Mais son projet phare s’articule autour du personnage Martine Tarot, voyante d’entresort (Martine Tarot de cuisine) devenue depuis peu Madame Soleil des villes et villages dans une création à part entière, oscillant entre récit tarologique, arts de rue et enquête de territoire (Martine Tarot, voyante des territoires, création 2020-21).
La compagnie est soutenue par les Fabriques RéUniEs, la DRAC Nouvelle-Aquitaine, l’OARA, le CNAREP Sur le Pont, la CDC Aunis-Atlantique.

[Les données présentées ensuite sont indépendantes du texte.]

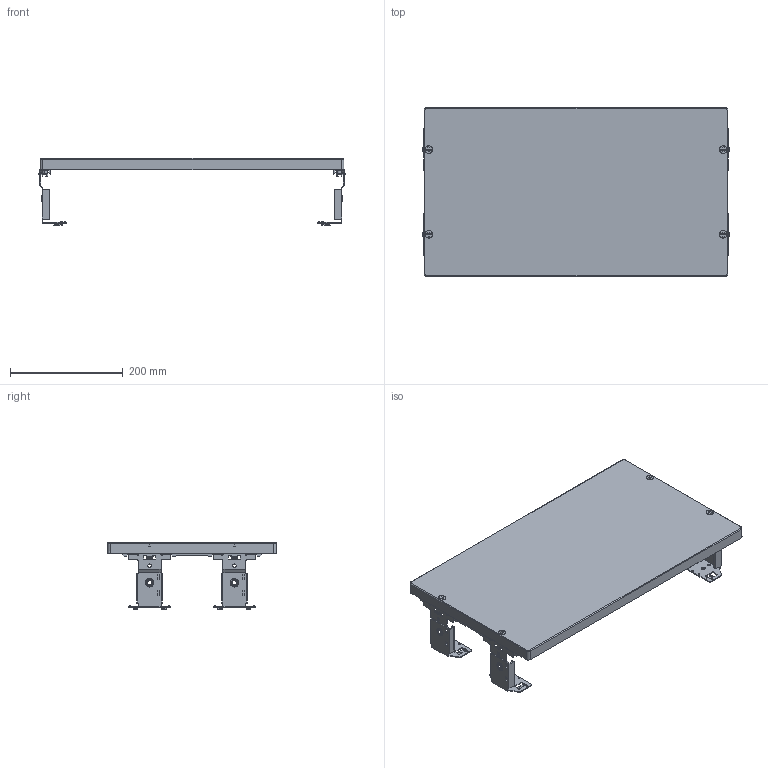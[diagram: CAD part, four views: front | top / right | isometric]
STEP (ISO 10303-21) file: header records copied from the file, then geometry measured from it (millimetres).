
FILE_DESCRIPTION((''),'2;1');
FILE_NAME('GW46478F_ASM','2021-04-09T11:21:48',('User'),('Axiro Italia'),'CREO PARAMETRIC BY PTC INC, 2020354','CREO PARAMETRIC BY PTC INC, 2020354','');
FILE_SCHEMA(('CONFIG_CONTROL_DESIGN'));
Length unit declared in the file: millimetre
Products named in the file (4): 55711022E2XX_MOSTRINA_CIECA_DOP; 55718951FXXX_STAFFA_X_SUPP_GUID; STAFFE_78_ASM; GW46478F_ASM
Assembly tree (6 placements, depth 3):
  GW46478F_ASM
    55711022E2XX_MOSTRINA_CIECA_DOP
    STAFFE_78_ASM
      55718951FXXX_STAFFA_X_SUPP_GUID  x4
Bounding box: 542.99 x 299 x 119.87 mm (x, y, z)
Volume: 639973.7 mm3; surface area: 471763.1 mm2
Topology: 5 solids, 5 shells, 1108 faces, 3118 edges, 2044 vertices
Faces by surface type: plane 712, cylinder 292, cone 52, sphere 48, torus 4
Entity records: 19872 total; most frequent: CARTESIAN_POINT 4583, ORIENTED_EDGE 3256, DIRECTION 3013, EDGE_CURVE 1628, VECTOR 1135, LINE 1135, VERTEX_POINT 1072, AXIS2_PLACEMENT_3D 939

Créations : K, Monologue clownesque d’après le Journal de Kafka (2011), Esprit de la nature (2013), Martine Tarot de cuisine (2013), Martine Tarot, voyante des territoires, prémices (2015), Martine, voyante des territoires (2019).

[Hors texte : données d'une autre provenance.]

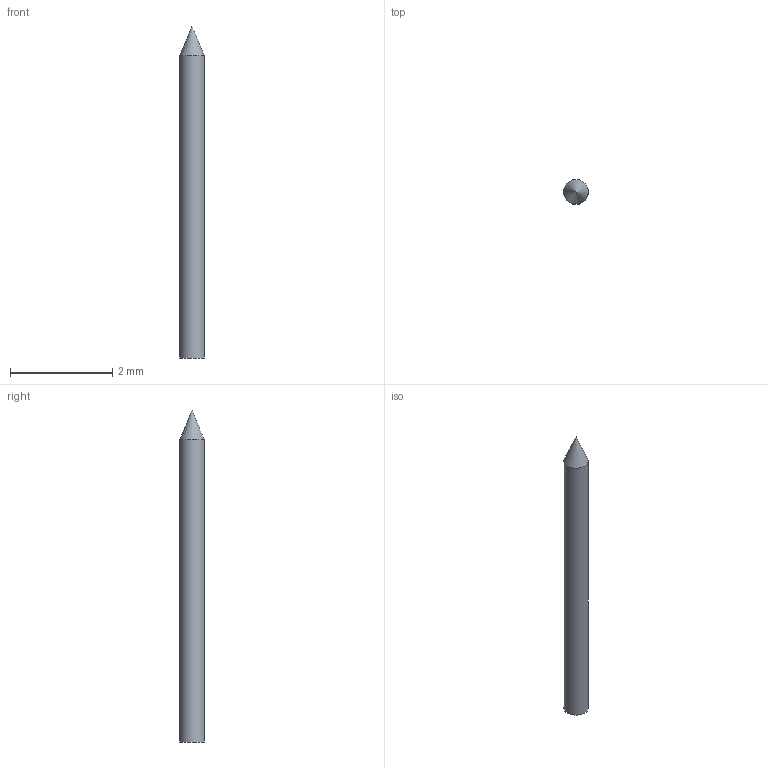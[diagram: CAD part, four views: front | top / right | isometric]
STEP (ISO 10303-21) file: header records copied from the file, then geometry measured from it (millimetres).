
FILE_DESCRIPTION(('FreeCAD Model'),'2;1');
FILE_NAME('P50-B1-Tip.step','2019-10-24T21:51:43',( 'Author'),(''),'Open CASCADE STEP processor 7.2','FreeCAD','Unknown' );
FILE_SCHEMA(('AUTOMOTIVE_DESIGN { 1 0 10303 214 1 1 1 1 }'));
Length unit declared in the file: millimetre
Products named in the file (1): B1_tip
Bounding box: 0.48 x 0.48 x 6.5 mm (x, y, z)
Volume: 1.1 mm3; surface area: 9.6 mm2
Topology: 1 solids, 1 shells, 3 faces, 7 edges, 5 vertices
Faces by surface type: plane 1, cylinder 1, cone 1
Full cylindrical faces by diameter (mm): 0.48 x1
Entity records: 109 total; most frequent: DIRECTION 18, CARTESIAN_POINT 15, ORIENTED_EDGE 12, AXIS2_PLACEMENT_3D 8, EDGE_CURVE 6, VERTEX_POINT 5, CIRCLE 4, ADVANCED_FACE 3

Questions-réponses avec Émilie Olivier
> Être artiste associée au CNAREP Sur le Pont, ça veut dire quoi ?
Déjà être artiste associée, c’est pour moi un peu différent que d’être compagnie associée. Je suis directrice artistique de la cie Midi à l’Ouest mais je suis aussi interprète pour d’autres compagnies, comme la Piste à Dansoire. Si avec Midi à l’Ouest, le travail s’articule autour de l’écriture in situ, du travail de collectage, du jeu de l’acteur physique et clownesque et de la philosophie à couleur populaire, avec la Piste à dansoire, j’explore la danse et le monde du bal de rue et l’interaction tchatche et musique. Je suis aussi une éclectique, j’aime le texte autant que le corps, l’expérimental autant que le théâtre populaire.

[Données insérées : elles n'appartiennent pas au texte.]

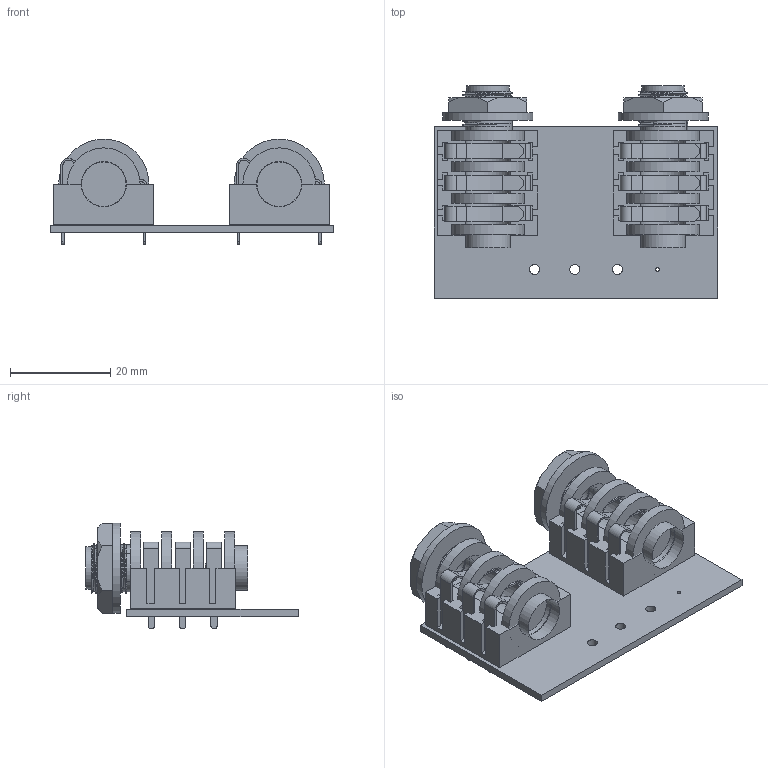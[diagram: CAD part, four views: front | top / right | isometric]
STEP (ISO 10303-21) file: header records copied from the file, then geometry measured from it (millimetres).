
FILE_DESCRIPTION(('KiCad electronic assembly'),'2;1');
FILE_NAME('wb50_back.step','2025-09-30T09:37:44',('Pcbnew'),('Kicad'), 'Open CASCADE STEP processor 7.9','KiCad to STEP converter','Unknown' );
FILE_SCHEMA(('AUTOMOTIVE_DESIGN { 1 0 10303 214 1 1 1 1 }'));
Length unit declared in the file: millimetre
Products named in the file (6): wb50_back 1; ACJS-PH v28; JackConnector-female-6.35-entrance-threaded v1; nut v4; COMPOUND; wb50_back_PCB
Assembly tree (6 placements, depth 3):
  wb50_back 1
    ACJS-PH v28  x2
      JackConnector-female-6.35-entrance-threaded v1
      nut v4
      COMPOUND
    wb50_back_PCB
Bounding box: 56.5 x 42.39 x 21.14 mm (x, y, z)
Volume: 12800.8 mm3; surface area: 17791.3 mm2
Topology: 55 solids, 55 shells, 600 faces, 1446 edges, 958 vertices
Faces by surface type: plane 388, cylinder 180, bspline 18, cone 14
Full cylindrical faces by diameter (mm): 0.7 x1, 1.5 x12, 2 x3, 6.5 x6, 8.498 x4, 8.526 x4, 8.88 x2, 9 x8, 9.047 x22, 9.908 x18, 10.198 x2, 11.122 x4, 14.487 x8, 18 x2
Entity records: 11760 total; most frequent: CARTESIAN_POINT 4145, ORIENTED_EDGE 1504, DIRECTION 1444, EDGE_CURVE 752, LINE 514, VECTOR 514, VERTEX_POINT 499, AXIS2_PLACEMENT_3D 465

Donc, le CNAREP m’invite à collaborer avec lui pour tout ce que je suis. Et ça, c’est extra.
Ensuite, si on découpe l’expression, on lit le mot « associé ».
Comme j’aime retourner aux sens premiers, je suis allée fouiner dans le dictionnaire :
Empr. au lat. associare « joindre, unir » formé sur socius « compagnon »
« Associé.e » : personne qui est liée par des intérêts communs à une ou à plusieurs autres personnes, qui partage ses ou leurs activités au sein d’une association.
Former avec quelqu’un, une communauté d’intérêts, de sentiments, de travail.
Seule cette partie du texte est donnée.